» **Supplied data**:
○ ○ ○ ○
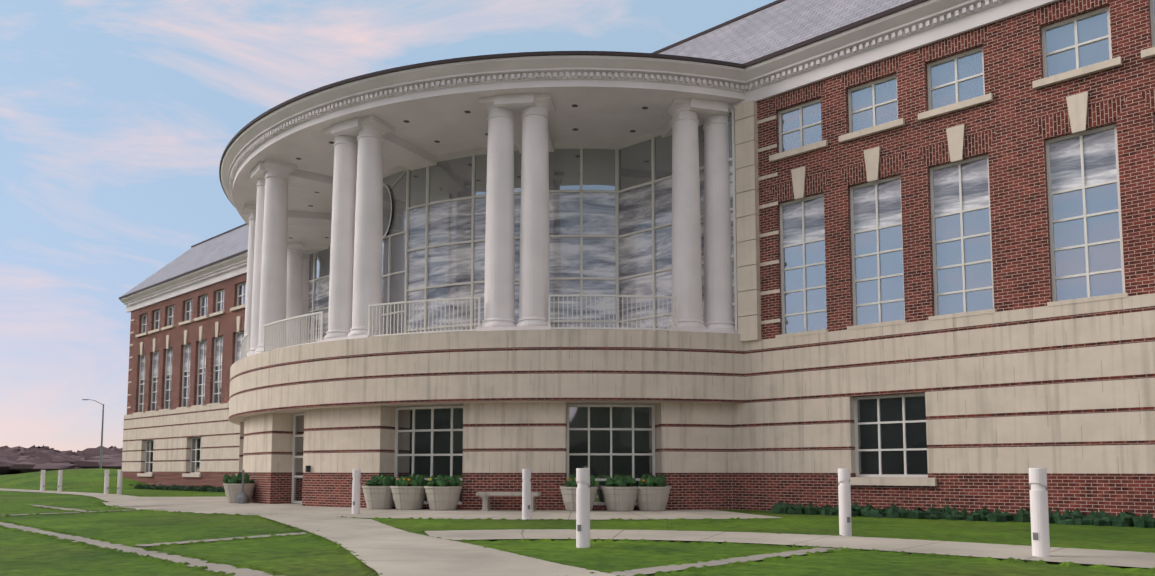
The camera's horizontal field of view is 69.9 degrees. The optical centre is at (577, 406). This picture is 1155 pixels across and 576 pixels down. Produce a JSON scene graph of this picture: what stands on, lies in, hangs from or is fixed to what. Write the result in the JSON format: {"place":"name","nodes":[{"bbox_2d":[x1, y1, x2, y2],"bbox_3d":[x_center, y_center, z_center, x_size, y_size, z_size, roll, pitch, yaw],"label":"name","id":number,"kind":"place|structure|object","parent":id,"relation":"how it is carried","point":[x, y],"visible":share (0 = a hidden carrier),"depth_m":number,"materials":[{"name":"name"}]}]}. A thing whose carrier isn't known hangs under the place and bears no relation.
○ ○ ○ ○
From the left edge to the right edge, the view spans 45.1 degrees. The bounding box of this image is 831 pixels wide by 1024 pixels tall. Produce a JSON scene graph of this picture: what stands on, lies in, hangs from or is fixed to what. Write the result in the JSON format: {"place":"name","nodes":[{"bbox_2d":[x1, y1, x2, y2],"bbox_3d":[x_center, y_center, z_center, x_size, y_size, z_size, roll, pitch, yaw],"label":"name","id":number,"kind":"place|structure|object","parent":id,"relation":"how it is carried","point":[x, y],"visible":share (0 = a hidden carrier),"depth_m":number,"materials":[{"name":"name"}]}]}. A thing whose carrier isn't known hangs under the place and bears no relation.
○ ○ ○ ○
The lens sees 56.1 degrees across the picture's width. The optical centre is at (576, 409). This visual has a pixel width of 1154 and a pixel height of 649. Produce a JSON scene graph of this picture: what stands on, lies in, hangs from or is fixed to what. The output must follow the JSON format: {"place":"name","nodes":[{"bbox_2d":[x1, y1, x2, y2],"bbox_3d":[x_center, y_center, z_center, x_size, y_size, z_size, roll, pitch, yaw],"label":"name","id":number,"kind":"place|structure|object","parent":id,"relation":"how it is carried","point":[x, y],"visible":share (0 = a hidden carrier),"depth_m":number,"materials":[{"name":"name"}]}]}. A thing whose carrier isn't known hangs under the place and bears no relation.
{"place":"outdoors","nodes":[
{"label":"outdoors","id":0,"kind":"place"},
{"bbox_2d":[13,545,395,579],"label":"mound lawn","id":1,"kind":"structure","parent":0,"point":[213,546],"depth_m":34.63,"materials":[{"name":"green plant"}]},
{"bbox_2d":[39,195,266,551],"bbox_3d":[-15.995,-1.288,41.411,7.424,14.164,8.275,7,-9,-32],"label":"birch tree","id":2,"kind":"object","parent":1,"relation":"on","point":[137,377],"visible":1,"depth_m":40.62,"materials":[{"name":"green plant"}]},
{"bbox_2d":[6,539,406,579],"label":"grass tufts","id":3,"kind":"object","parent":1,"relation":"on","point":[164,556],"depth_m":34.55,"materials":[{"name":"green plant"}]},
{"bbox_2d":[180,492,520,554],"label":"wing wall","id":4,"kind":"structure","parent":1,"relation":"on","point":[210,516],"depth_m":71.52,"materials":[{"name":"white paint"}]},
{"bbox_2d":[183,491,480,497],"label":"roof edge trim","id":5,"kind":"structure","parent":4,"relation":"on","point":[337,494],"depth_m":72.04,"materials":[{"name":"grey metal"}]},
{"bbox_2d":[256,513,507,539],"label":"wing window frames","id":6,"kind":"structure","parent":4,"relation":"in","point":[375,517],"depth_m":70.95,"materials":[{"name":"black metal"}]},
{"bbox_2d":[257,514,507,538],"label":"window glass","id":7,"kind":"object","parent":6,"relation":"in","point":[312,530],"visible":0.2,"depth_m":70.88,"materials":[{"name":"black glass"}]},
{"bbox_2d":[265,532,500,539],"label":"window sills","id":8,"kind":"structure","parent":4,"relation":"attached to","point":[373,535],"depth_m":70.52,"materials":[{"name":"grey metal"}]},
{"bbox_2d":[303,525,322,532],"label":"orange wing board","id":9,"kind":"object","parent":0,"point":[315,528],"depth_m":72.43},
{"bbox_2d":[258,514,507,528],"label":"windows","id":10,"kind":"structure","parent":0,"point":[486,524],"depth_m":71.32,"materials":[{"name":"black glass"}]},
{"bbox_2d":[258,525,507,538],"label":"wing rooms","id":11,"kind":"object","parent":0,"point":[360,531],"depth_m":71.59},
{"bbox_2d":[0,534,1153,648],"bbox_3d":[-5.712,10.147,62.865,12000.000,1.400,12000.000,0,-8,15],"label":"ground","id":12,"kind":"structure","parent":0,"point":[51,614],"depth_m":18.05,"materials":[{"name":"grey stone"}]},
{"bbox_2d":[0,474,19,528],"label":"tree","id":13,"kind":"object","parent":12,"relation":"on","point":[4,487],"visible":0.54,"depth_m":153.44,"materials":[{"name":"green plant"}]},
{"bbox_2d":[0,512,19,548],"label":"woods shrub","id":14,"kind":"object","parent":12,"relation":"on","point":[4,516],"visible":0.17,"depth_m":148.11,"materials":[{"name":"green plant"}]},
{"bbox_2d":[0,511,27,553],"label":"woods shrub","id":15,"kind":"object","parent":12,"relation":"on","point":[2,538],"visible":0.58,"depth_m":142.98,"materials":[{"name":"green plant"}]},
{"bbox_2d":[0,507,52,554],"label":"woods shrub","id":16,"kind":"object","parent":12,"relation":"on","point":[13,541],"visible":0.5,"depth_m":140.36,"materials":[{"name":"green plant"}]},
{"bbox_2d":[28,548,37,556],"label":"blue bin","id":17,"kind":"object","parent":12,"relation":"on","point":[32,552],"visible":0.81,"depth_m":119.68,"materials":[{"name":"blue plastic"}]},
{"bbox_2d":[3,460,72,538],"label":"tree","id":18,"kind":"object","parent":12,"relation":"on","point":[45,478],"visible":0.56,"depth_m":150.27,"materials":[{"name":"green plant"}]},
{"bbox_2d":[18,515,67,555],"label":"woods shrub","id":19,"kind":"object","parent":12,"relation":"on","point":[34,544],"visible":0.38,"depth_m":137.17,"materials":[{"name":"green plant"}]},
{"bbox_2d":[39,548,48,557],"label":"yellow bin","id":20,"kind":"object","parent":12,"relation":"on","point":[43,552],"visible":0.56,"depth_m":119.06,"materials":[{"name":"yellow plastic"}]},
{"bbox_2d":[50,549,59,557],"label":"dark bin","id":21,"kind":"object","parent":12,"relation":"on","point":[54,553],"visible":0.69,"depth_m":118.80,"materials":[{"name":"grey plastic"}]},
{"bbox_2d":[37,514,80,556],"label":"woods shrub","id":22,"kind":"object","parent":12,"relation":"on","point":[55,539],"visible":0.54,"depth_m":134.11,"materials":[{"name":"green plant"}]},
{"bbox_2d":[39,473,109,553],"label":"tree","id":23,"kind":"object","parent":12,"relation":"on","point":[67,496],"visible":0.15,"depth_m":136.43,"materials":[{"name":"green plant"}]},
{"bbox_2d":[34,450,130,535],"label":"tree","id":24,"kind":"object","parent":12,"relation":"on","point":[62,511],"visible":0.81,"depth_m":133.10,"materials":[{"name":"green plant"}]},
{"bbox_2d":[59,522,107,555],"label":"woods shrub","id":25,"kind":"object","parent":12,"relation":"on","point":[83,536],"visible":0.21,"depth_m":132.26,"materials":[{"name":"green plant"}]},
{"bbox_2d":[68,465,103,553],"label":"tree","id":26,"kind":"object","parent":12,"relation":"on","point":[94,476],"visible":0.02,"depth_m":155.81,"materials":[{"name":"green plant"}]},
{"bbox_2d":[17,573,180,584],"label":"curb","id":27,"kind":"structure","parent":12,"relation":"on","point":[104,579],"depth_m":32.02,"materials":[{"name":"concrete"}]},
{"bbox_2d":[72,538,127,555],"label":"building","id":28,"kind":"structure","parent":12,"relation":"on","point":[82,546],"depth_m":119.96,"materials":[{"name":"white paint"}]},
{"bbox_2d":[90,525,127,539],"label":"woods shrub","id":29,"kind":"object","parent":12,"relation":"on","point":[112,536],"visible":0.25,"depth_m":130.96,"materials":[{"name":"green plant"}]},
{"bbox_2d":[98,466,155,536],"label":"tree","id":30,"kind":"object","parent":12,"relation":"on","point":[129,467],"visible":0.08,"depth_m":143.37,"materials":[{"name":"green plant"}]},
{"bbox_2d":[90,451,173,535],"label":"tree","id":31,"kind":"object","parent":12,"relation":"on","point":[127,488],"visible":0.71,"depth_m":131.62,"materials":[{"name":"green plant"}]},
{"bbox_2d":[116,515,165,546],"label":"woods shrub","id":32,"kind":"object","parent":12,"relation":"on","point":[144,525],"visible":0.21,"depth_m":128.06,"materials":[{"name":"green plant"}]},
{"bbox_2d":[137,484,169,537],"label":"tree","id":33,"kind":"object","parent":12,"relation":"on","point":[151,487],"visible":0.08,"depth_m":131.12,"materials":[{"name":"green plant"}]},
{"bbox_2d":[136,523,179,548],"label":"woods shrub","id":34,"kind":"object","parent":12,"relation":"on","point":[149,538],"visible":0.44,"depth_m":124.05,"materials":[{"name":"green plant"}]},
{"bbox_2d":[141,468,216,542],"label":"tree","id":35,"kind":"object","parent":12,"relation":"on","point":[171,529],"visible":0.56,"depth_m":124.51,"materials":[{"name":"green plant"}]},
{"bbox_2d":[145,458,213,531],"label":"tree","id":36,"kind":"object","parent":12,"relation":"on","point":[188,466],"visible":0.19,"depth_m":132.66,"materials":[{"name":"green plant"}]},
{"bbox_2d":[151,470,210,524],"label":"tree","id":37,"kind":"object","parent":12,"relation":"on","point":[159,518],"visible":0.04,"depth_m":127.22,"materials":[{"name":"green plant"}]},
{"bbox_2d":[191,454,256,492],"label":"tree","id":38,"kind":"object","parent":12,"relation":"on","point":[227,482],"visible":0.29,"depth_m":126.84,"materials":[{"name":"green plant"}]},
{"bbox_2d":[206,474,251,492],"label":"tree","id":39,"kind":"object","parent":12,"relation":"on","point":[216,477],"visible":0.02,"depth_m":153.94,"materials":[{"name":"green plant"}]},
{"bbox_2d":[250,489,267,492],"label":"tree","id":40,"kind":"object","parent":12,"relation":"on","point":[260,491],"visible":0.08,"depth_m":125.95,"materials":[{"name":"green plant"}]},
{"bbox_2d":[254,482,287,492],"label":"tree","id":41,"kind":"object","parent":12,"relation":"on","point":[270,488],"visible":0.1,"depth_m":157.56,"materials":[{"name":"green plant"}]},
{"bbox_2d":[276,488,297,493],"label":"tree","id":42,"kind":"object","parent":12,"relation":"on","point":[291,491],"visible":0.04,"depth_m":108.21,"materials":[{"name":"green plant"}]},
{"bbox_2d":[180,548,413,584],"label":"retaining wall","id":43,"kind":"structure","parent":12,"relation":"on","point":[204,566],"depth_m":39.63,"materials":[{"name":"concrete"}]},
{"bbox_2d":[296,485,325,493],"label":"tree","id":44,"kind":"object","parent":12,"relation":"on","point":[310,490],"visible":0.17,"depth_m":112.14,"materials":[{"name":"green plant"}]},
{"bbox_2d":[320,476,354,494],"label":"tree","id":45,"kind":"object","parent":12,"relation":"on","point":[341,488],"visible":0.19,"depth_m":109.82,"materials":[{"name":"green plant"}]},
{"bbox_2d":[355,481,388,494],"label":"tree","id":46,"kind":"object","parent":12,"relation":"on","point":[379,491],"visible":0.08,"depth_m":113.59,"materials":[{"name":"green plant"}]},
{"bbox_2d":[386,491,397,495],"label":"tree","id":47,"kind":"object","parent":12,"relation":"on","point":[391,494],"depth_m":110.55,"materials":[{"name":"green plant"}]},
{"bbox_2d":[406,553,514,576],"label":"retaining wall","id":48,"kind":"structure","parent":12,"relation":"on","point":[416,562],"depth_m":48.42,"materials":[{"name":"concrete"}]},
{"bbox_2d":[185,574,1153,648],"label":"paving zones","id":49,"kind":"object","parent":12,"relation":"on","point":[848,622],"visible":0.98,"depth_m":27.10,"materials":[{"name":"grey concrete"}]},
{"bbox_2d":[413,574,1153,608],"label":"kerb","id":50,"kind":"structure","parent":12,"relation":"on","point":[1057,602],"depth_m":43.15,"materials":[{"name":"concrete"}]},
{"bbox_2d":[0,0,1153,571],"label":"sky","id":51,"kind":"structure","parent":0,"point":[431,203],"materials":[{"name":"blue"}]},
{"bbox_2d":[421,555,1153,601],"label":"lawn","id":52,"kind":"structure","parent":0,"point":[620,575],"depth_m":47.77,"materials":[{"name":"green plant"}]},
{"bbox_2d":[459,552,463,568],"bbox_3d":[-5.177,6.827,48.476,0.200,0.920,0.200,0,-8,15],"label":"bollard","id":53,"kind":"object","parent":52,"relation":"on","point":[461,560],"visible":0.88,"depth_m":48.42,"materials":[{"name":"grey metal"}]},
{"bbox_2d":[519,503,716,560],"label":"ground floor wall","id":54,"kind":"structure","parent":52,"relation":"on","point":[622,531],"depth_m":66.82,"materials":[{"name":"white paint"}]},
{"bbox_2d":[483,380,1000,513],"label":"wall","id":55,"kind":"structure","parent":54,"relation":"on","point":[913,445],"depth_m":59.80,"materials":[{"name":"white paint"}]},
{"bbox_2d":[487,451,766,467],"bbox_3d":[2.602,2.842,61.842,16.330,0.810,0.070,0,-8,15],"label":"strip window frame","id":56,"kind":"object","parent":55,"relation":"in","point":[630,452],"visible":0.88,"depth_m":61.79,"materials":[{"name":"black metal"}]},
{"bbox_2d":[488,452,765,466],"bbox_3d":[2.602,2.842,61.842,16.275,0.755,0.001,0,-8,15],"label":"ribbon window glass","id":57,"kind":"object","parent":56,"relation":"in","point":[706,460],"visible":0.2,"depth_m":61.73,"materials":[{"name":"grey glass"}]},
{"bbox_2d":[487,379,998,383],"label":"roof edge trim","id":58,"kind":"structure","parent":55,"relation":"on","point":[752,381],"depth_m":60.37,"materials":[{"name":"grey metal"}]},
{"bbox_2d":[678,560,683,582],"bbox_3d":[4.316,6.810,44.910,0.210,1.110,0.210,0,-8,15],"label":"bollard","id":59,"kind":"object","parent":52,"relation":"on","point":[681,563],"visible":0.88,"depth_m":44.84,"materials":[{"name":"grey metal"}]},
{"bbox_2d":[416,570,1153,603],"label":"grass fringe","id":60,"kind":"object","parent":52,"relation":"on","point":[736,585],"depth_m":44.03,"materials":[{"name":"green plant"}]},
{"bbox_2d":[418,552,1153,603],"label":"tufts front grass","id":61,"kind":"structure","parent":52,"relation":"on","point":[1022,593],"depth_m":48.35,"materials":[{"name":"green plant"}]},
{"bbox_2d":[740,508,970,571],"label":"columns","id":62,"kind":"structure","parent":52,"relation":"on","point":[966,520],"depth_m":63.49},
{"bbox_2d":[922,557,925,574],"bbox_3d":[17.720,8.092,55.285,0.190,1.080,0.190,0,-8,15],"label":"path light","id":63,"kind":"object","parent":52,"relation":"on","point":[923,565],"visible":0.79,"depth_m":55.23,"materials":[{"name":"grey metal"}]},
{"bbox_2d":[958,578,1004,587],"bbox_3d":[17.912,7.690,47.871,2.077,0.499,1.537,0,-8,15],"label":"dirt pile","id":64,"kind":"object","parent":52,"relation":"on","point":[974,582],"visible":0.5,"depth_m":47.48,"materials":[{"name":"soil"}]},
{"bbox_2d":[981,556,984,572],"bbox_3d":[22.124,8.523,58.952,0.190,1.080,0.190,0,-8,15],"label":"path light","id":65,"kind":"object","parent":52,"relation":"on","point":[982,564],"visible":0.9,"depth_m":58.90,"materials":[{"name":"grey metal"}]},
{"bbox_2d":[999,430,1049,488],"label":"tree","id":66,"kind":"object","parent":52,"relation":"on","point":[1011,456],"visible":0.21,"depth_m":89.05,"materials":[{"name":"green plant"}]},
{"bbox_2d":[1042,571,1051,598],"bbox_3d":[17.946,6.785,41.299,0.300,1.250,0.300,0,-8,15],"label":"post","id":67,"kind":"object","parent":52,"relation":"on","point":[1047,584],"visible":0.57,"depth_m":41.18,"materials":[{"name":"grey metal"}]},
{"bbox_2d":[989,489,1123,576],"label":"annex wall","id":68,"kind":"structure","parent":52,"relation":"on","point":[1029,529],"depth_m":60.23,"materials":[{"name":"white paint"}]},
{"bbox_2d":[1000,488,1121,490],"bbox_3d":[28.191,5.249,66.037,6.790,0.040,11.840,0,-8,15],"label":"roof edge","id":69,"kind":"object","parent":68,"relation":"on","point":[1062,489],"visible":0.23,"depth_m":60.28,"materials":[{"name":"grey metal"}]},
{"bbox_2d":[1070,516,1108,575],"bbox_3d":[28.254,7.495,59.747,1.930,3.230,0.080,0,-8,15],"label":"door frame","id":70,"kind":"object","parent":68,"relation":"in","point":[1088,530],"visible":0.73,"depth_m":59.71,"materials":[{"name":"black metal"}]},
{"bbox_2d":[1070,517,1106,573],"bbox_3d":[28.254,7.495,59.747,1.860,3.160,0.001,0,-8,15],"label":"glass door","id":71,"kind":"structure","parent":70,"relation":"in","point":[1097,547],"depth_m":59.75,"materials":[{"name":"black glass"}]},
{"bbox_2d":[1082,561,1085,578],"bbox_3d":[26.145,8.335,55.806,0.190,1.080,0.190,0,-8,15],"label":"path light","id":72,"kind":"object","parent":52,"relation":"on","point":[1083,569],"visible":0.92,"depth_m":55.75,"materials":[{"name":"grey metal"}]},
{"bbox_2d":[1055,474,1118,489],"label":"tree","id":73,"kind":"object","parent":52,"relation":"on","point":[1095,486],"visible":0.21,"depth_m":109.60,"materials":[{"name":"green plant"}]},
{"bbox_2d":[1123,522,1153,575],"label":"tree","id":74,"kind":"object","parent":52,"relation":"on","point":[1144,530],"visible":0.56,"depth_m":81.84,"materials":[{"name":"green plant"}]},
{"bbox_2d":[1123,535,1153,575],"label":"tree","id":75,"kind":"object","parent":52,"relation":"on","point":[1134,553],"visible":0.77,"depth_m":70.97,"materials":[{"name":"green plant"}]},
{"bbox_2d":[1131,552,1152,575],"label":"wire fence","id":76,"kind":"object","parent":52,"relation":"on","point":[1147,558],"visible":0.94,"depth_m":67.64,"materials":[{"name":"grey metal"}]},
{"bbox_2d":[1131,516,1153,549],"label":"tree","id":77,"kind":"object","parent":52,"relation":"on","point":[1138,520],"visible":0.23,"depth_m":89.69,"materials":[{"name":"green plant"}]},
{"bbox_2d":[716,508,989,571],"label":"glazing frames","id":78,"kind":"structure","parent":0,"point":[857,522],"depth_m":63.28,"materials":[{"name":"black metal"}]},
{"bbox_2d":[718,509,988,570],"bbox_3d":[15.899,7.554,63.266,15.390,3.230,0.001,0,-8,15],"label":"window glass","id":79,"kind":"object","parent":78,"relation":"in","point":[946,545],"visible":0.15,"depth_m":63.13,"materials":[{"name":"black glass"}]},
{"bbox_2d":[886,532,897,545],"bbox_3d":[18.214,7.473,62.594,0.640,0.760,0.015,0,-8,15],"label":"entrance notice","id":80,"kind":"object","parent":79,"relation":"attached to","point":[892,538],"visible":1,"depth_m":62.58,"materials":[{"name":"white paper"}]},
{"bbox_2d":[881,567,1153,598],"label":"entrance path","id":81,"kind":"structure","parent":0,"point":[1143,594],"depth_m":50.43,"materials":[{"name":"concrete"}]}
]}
○ ○ ○ ○
» **Description of the task**: Locate the word "pixels" in the entries, and copy every line where it is found.

» **Completed exercise**:
The camera's horizontal field of view is 69.9 degrees. The optical centre is at (577, 406). This picture is 1155 pixels across and 576 pixels down. Produce a JSON scene graph of this picture: what stands on, lies in, hangs from or is fixed to what. Write the result in the JSON format: {"place":"name","nodes":[{"bbox_2d":[x1, y1, x2, y2],"bbox_3d":[x_center, y_center, z_center, x_size, y_size, z_size, roll, pitch, yaw],"label":"name","id":number,"kind":"place|structure|object","parent":id,"relation":"how it is carried","point":[x, y],"visible":share (0 = a hidden carrier),"depth_m":number,"materials":[{"name":"name"}]}]}. A thing whose carrier isn't known hangs under the place and bears no relation.
From the left edge to the right edge, the view spans 45.1 degrees. The bounding box of this image is 831 pixels wide by 1024 pixels tall. Produce a JSON scene graph of this picture: what stands on, lies in, hangs from or is fixed to what. Write the result in the JSON format: {"place":"name","nodes":[{"bbox_2d":[x1, y1, x2, y2],"bbox_3d":[x_center, y_center, z_center, x_size, y_size, z_size, roll, pitch, yaw],"label":"name","id":number,"kind":"place|structure|object","parent":id,"relation":"how it is carried","point":[x, y],"visible":share (0 = a hidden carrier),"depth_m":number,"materials":[{"name":"name"}]}]}. A thing whose carrier isn't known hangs under the place and bears no relation.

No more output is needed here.